Alles klar, das ist doch schon mal ein super Anfang 

Die beiden o. g. Links haben mir übs. sehr weitergeholfen. Zumindest bin ich als Unwissender soweit, dass ich nun verstanden habe, dass ich ohne Pflanzen oder Chemie nicht weiterkomme.

Vielen Dank erstmal für die Tipps!


----------



## ohse (25. März 2012)

*AW: Teich in Terrasse integriert?!*

Hey mitch,

dein "Wasser" / Teich sieht aber großartig aus. 

ja, so schnell kann's wahrscheinlich gehen .. : -)


----------



## Blechteich (28. März 2012)

*AW: Teich in Terrasse integriert?!*

Hallo Ohse,

schade ich hatte Dir auch noch helfen wollen, das wurde aber von einem übereifrigen Mod gelöscht.
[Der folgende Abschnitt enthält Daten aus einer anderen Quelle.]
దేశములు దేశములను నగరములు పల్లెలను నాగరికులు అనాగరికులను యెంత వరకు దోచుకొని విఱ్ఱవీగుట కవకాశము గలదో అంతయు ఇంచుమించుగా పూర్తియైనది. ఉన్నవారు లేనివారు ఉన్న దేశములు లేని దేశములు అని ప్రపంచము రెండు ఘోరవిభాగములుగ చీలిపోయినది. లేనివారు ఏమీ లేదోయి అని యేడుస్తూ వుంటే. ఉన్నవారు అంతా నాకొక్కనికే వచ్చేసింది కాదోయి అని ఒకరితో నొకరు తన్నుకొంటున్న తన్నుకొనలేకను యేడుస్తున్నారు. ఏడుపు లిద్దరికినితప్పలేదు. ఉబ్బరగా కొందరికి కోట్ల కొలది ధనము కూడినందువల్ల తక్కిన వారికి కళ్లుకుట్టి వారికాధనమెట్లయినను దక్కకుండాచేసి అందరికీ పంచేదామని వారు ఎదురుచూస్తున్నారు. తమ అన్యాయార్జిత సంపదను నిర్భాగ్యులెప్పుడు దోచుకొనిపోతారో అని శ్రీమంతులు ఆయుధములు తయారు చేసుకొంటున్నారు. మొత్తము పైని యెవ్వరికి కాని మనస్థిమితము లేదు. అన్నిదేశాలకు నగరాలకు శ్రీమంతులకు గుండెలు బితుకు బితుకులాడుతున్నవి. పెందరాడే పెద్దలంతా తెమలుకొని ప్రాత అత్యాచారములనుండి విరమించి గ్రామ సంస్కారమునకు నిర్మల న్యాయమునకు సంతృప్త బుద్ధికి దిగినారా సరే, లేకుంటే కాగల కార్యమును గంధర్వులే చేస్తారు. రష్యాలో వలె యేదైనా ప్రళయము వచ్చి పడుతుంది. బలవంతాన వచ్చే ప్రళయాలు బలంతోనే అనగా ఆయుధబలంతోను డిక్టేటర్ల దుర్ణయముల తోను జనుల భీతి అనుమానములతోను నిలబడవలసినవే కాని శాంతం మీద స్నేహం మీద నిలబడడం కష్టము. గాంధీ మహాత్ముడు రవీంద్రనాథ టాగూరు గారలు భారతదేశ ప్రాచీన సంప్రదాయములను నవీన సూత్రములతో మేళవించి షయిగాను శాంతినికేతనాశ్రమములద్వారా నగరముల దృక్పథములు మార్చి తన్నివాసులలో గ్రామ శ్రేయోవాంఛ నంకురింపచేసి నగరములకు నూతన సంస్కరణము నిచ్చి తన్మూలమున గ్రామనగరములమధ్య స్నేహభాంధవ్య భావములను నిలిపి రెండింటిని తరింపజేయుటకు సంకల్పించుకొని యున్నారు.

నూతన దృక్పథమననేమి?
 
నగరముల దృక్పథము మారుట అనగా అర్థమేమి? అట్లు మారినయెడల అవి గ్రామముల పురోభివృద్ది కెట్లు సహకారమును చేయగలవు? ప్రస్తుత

Solltest Du noch Fragen zu Formalen Teichen oder Terassenteichen haben darfst Du mich aber trotzdem gerne über PN kontaktieren.
Du kannst ja mal bei den Vorstellungen nach Blechteich suchen. Ich hab sowas nämlich schon in meine Terrasse integriert.

Greetz
Michael


----------



## Dr.J (28. März 2012)

*AW: Teich in Terrasse integriert?!*

Hier gibt es keine übereifrigen Mods, sondern nur aufmerksame Mods....


----------